DATASET EXCERPTS:
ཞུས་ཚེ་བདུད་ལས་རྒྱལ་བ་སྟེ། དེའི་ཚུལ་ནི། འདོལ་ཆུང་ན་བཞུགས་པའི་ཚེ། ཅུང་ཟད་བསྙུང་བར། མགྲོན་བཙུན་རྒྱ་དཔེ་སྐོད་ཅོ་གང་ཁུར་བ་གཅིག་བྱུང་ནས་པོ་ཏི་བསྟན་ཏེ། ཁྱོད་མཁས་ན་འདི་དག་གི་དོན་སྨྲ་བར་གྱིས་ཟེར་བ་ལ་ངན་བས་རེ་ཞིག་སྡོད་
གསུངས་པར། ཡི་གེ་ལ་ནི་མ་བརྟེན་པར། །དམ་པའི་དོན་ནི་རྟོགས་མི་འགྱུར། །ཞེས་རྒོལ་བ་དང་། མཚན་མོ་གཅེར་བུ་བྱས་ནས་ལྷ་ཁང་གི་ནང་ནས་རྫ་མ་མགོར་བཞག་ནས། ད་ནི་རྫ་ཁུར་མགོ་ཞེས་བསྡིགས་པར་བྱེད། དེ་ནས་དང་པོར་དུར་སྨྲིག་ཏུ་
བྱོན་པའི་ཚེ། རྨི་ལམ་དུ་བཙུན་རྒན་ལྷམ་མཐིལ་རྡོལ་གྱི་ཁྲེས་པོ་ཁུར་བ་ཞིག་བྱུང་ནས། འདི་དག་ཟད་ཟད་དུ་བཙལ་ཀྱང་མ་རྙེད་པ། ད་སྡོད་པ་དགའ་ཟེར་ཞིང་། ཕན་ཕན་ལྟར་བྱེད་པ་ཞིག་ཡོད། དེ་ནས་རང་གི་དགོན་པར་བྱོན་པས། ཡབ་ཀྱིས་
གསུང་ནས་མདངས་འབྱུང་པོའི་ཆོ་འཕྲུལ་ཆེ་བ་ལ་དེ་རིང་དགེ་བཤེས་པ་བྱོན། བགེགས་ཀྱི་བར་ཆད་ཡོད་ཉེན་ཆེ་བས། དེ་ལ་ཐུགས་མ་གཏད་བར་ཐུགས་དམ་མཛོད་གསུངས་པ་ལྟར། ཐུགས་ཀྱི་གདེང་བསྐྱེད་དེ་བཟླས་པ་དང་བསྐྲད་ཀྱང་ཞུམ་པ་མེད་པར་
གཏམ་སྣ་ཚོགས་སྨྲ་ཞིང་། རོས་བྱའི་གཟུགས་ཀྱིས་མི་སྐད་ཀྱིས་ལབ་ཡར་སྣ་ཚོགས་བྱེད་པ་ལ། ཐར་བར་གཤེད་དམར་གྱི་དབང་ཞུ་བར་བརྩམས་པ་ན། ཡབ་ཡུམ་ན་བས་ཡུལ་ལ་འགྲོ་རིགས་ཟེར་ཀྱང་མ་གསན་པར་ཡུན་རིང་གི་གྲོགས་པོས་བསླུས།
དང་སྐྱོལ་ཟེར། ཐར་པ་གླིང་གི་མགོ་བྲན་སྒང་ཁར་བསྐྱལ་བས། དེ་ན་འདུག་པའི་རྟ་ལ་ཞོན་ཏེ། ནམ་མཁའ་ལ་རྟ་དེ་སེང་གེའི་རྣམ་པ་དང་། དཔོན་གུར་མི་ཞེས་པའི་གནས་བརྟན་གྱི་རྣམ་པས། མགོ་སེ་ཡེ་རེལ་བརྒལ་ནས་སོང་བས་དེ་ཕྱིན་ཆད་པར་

WHAT YOU SHOULD DO:
Please transcribe all of the data above exactly.

TASK ANSWER:
ཞུས་ཚེ་བདུད་ལས་རྒྱལ་བ་སྟེ། དེའི་ཚུལ་ནི། འདོལ་ཆུང་ན་བཞུགས་པའི་ཚེ། ཅུང་ཟད་བསྙུང་བར། མགྲོན་བཙུན་རྒྱ་དཔེ་སྐོད་ཅོ་གང་ཁུར་བ་གཅིག་བྱུང་ནས་པོ་ཏི་བསྟན་ཏེ། ཁྱོད་མཁས་ན་འདི་དག་གི་དོན་སྨྲ་བར་གྱིས་ཟེར་བ་ལ་ངན་བས་རེ་ཞིག་སྡོད་
གསུངས་པར། ཡི་གེ་ལ་ནི་མ་བརྟེན་པར། །དམ་པའི་དོན་ནི་རྟོགས་མི་འགྱུར། །ཞེས་རྒོལ་བ་དང་། མཚན་མོ་གཅེར་བུ་བྱས་ནས་ལྷ་ཁང་གི་ནང་ནས་རྫ་མ་མགོར་བཞག་ནས། ད་ནི་རྫ་ཁུར་མགོ་ཞེས་བསྡིགས་པར་བྱེད། དེ་ནས་དང་པོར་དུར་སྨྲིག་ཏུ་
བྱོན་པའི་ཚེ། རྨི་ལམ་དུ་བཙུན་རྒན་ལྷམ་མཐིལ་རྡོལ་གྱི་ཁྲེས་པོ་ཁུར་བ་ཞིག་བྱུང་ནས། འདི་དག་ཟད་ཟད་དུ་བཙལ་ཀྱང་མ་རྙེད་པ། ད་སྡོད་པ་དགའ་ཟེར་ཞིང་། ཕན་ཕན་ལྟར་བྱེད་པ་ཞིག་ཡོད། དེ་ནས་རང་གི་དགོན་པར་བྱོན་པས། ཡབ་ཀྱིས་
གསུང་ནས་མདངས་འབྱུང་པོའི་ཆོ་འཕྲུལ་ཆེ་བ་ལ་དེ་རིང་དགེ་བཤེས་པ་བྱོན། བགེགས་ཀྱི་བར་ཆད་ཡོད་ཉེན་ཆེ་བས། དེ་ལ་ཐུགས་མ་གཏད་བར་ཐུགས་དམ་མཛོད་གསུངས་པ་ལྟར། ཐུགས་ཀྱི་གདེང་བསྐྱེད་དེ་བཟླས་པ་དང་བསྐྲད་ཀྱང་ཞུམ་པ་མེད་པར་
གཏམ་སྣ་ཚོགས་སྨྲ་ཞིང་། རོས་བྱའི་གཟུགས་ཀྱིས་མི་སྐད་ཀྱིས་ལབ་ཡར་སྣ་ཚོགས་བྱེད་པ་ལ། ཐར་བར་གཤེད་དམར་གྱི་དབང་ཞུ་བར་བརྩམས་པ་ན། ཡབ་ཡུམ་ན་བས་ཡུལ་ལ་འགྲོ་རིགས་ཟེར་ཀྱང་མ་གསན་པར་ཡུན་རིང་གི་གྲོགས་པོས་བསླུས།
དང་སྐྱོལ་ཟེར། ཐར་པ་གླིང་གི་མགོ་བྲན་སྒང་ཁར་བསྐྱལ་བས། དེ་ན་འདུག་པའི་རྟ་ལ་ཞོན་ཏེ། ནམ་མཁའ་ལ་རྟ་དེ་སེང་གེའི་རྣམ་པ་དང་། དཔོན་གུར་མི་ཞེས་པའི་གནས་བརྟན་གྱི་རྣམ་པས། མགོ་སེ་ཡེ་རེལ་བརྒལ་ནས་སོང་བས་དེ་ཕྱིན་ཆད་པར་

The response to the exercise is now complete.